L’esperienza italiana ha confermato l’ottima capacità chelante del OS e la sua efficacia nel ridurre i livelli di fosforemia nei pazienti trattati. In accordo con quanto riportato in letteratura, anche nella casistica italiana le alterazioni dell’alvo, che solitamente si presentano nei primi giorni di trattamento anche con dosaggi bassi di farmaco, rappresentato il principale ostacolo al mantenimento in terapia del farmaco.

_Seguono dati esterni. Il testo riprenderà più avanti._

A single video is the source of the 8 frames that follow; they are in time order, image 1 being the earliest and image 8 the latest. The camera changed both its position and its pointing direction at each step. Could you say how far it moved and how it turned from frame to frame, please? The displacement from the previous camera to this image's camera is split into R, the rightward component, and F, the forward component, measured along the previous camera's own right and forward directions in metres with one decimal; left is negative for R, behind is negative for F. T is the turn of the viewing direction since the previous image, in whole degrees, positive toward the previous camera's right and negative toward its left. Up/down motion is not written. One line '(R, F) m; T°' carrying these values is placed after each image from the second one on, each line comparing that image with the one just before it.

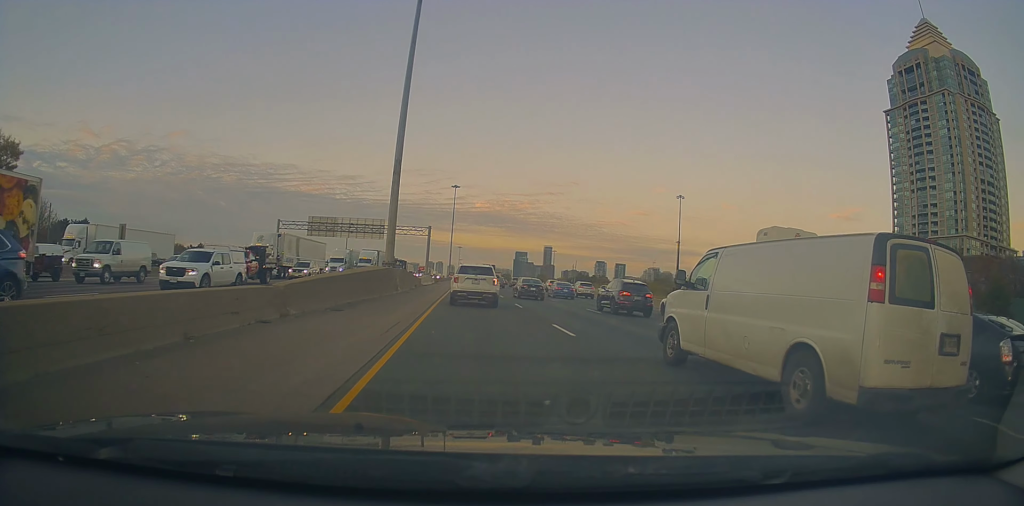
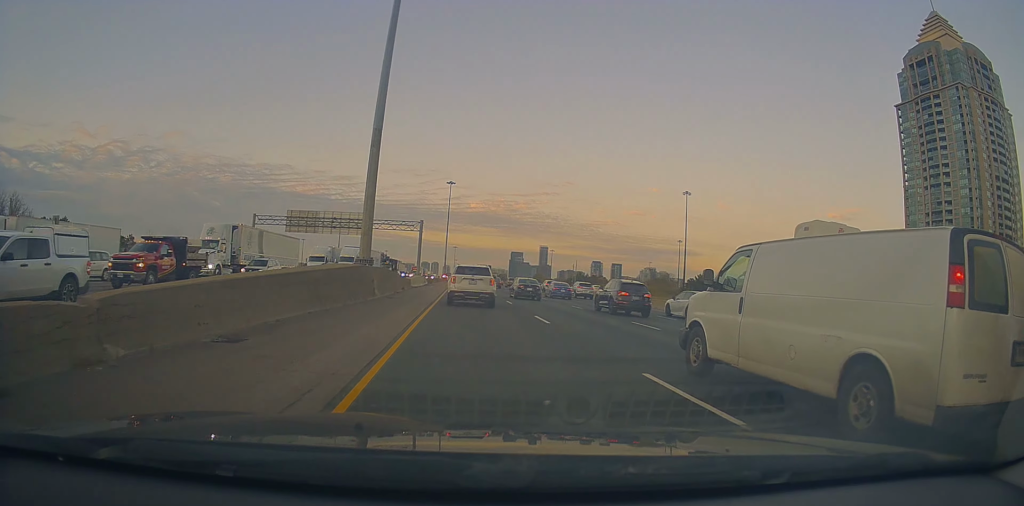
(-0.1, +8.4) m; -1°
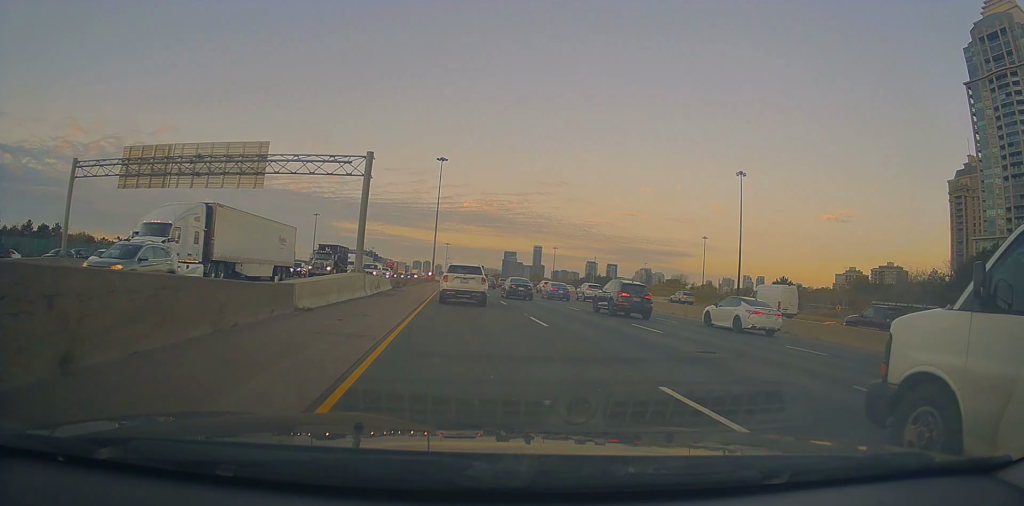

La tolleranza, l’efficacia e l’aderenza a lungo termine (fino a 42 mesi) a OS sono oggetto di valutazione di uno studio osservazionale, internazionale, multicentrico (VERIFIE: Velphoro-Evaluation of Real-lIfe saFety, effectIveness and adherencE) che permetterà una raccolta di dati in circa 1000 pazienti dializzati. In occasione dell’ultimo congresso dell’ERA-EDTA sono stati presentati alcuni risultati preliminari derivati dallo studio. In particolare, su 427 pazienti a 18 mesi dal reclutamento del primo paziente (periodo di osservazione medio 166 giorni), sono state valutate la tolleranza e l’efficacia del farmaco nel ridurre i livelli di P e nel mantenerli al di sotto di 5.5 mg/dL. Durante il periodo di osservazione, circa la metà dei pazienti studiati (52.2%) ha ricevuto una terapia chelante di associazione (SO + altri chelanti). Al contrario, il 47.8% dei pazienti era trattato con solo OS. In 166 pazienti (35.9%) è stata riportata più di una reazione avversa all’OS, la maggior parte delle quali è stata di tipo gastrointestinale, mentre in 180 pazienti (23.4%) si è resa necessaria la sospensione del farmaco (23). Nella coorte studiata, trattata con una dose media di SO di 2.3–2.4 compresse al giorno, è stata osservata inoltre una significativa riduzione del P. Il grado di riduzione dei livelli di P non è risultato differente nel gruppo di pazienti trattati in monoterapia con OS rispetto a quelli in politerapia ed è risultato indipendente dal tempo trascorso dall’inizio della dialisi (24).

 

Conclusioni

I dati presentati in questa revisione della letteratura sottolineano come l’OS rappresenti ad oggi una nuova importate alternativa terapeutica, in monoterapia e in associazione, nel trattamento dell’iperfosforemia nei pazienti affetti da malattia renale cronica.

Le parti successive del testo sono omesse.